Model & Optimization¶

We implement our mapping \(f_\theta\) as a simple MLP with three linear layers, interleaved with LeakyReLU activations. For optimization we use ADAM. We run over 30 epochs with a learning rate of \(0.01\) and over 20 additional epochs with a learning rate of \(0.001\).

[5]:

model = nn.Sequential(
    nn.Linear(2, 10),
    nn.LeakyReLU(),
    nn.Linear(10, 10),
    nn.LeakyReLU(),
    nn.Linear(10, 2)
).to(device)


opt = torch.optim.Adam(
    model.parameters(),
    lr=0.01)

dl = DataLoader(
    dataset,
    batch_size=50,
    shuffle=True,
    drop_last=True)

# Get the transformed points at initialization
transformed_pts = [apply_model(model, dataset, device=device)[0]]

iteration_loss = []
for epoch_i in range(1, 51):
    epoch_loss = 0

    model.train()

    # Learning rate schedule
    if epoch_i == 20:
        for param_group in opt.param_groups:
            param_group['lr'] = 0.001
    if epoch_i == 40:
        for param_group in opt.param_groups:
            param_group['lr'] = 0.0001

    # Iterate over batches
    for x, _ in dl:

        x = x.to(device)

        # Compute f_\theta(S)
        x_hat = model(x)

        """
        Loss computation (for \eta=2):

        (1) Compute VR persistent homology (0-dim)
        (2) Get lifetime values
        (3) Compute connectivity loss

        Note that all barcode elements are of the form (0,\varepsilon_t)!
        """
        loss = 0
        pers = vr_persistence_l1(x_hat, 0, 0)[0][0] # VR PH computation
        pers = pers[:, 1]                           # get lifetimes
        loss = (pers - 2.0).abs().sum()             #

        # Track loss over iterations and epochs
        iteration_loss.append(loss.item())
        epoch_loss += loss.item()

        # Zero-grad, backprop, update!
        opt.zero_grad()
        loss.backward()
        opt.step()

    print('Epoch: {:2d} | Loss: {:.2f}'.format(epoch_i, epoch_loss/len(dl)), end='\r')
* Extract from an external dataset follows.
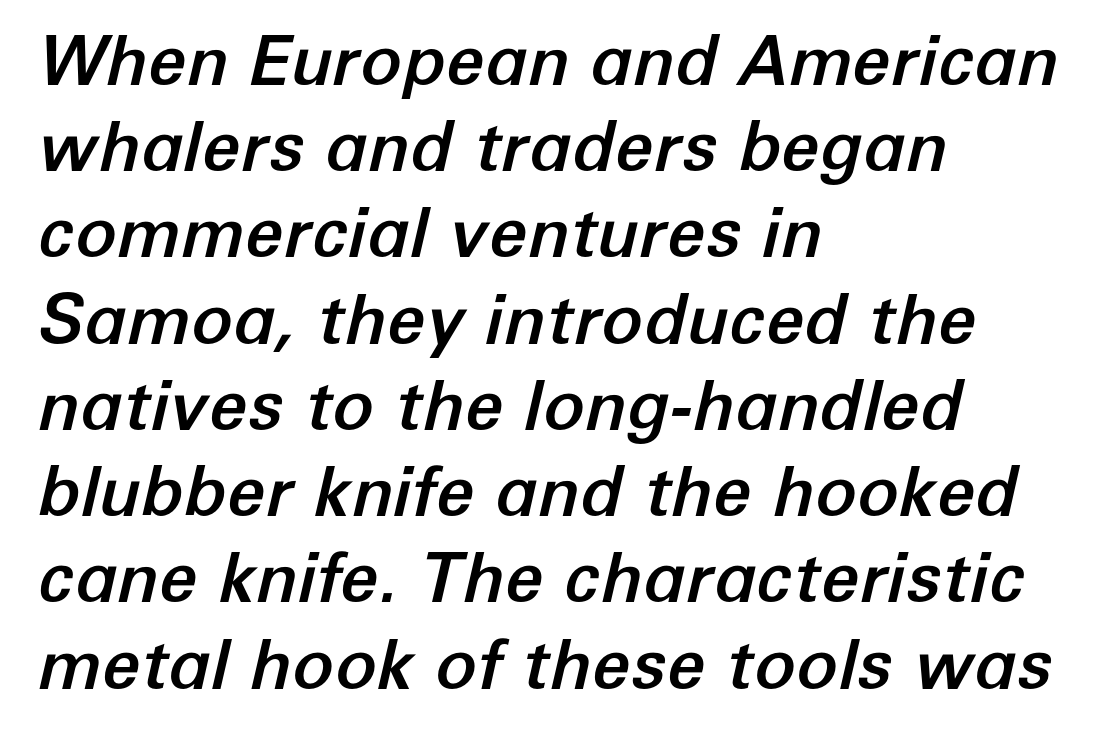
{"italic": "yes", "lean": "right", "slant_degrees": 12, "width": "normal", "stroke_contrast": "low", "x_height": "medium", "monospaced": "no", "underline": "no", "align": "left", "line_spacing": "normal", "line_spacing_ratio": 1.25, "letter_spacing": "normal", "letter_spacing_em": 0.0, "glyph_px": 69}
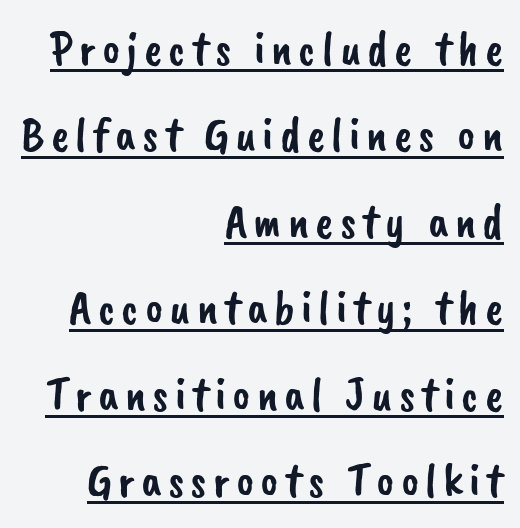
This sample has the flowing, uneven cadence of proportional lettering. This rendering uses right alignment, leaving the left contour irregular. Check where the strokes stop: nothing finishes them off — pure sans. Beneath each row of characters lies a ruled line.

    x_hat, _ = apply_model(
        model,
        dataset,
        device=device)
    transformed_pts.append(x_hat)

Epoch: 50 | Loss: 37.76

Visualize the loss over all iterations …

[6]:

plt.figure(figsize=(5,3))
plt.plot(iteration_loss)
plt.xlabel('#Batches');
plt.ylabel('Loss');
plt.grid();

Visualization¶

To study the effect of minimizing the connectivity loss, we freeze the model and check how the min/max/avg. lifetime changes over (1) epochs.

[7]:

def track_persistence_info(points, batch_size, N):

    ds = TensorDataset(
        torch.tensor(points),
        torch.tensor([0]*len(points)))

    dl = DataLoader(
        ds,
        batch_size=batch_size,
        shuffle=True,
        drop_last=True)

    stats = defaultdict(list)
    for i in range(N):
        for x,_ in dl:

            x =  x.to(device)

            pers = vr_persistence_l1(x, 0, 0)[0][0]
            pers = pers[:, 1]

            stats['alpha'].append(pers.min().item())
            stats['beta'].append(pers.max().item())
            stats['avgeps'].append(pers.mean().item())

    return stats

[8]:

def visualize(transformed_pts, ax):

    pts = np.array(transformed_pts)
    x, y = pts[:,0], pts[:,1]

    ax.plot(x, y, '.', **{'markersize':2, 'color':'black', 'alpha': 0.3})

    stats = track_persistence_info(
        pts,
        50,
        10)

    ax.set_title(r'$\widehat{\alpha},\widehat{\varepsilon}, \widehat{\beta}$ = ' + '{:.2f}, {:.2f}, {:.2f}'.format(
                    np.mean(np.array(stats['alpha'])),
                    np.mean(np.array(stats['avgeps'])),
                    np.mean(np.array(stats['beta']))),
                  position=(0.04,0.02),
                  fontsize=12,
                  horizontalalignment='left',
                  bbox=dict(facecolor='white', alpha=0.7));

From left to right: Initialization (epoch 0), after 5 epochs, after 50 epochs:

[9]:

fig, axes = plt.subplots(1, 3, figsize=(14, 4))
for i, epoch in enumerate([0, 5, 50]):
    ax = axes[i]
    visualize(transformed_pts[epoch], ax)

Note: Observe how the \([\hat{\alpha}, \hat{\beta}]\) interval gets tighter throughout the epochs and \(\hat{\varepsilon}\) gets closer to \(\eta=2\). However, arranging batches of size 50 in the desired manner is impossible in \(\mathbb{R}^2\) which is why the actual value of \(2\) is never reached (for details see paper).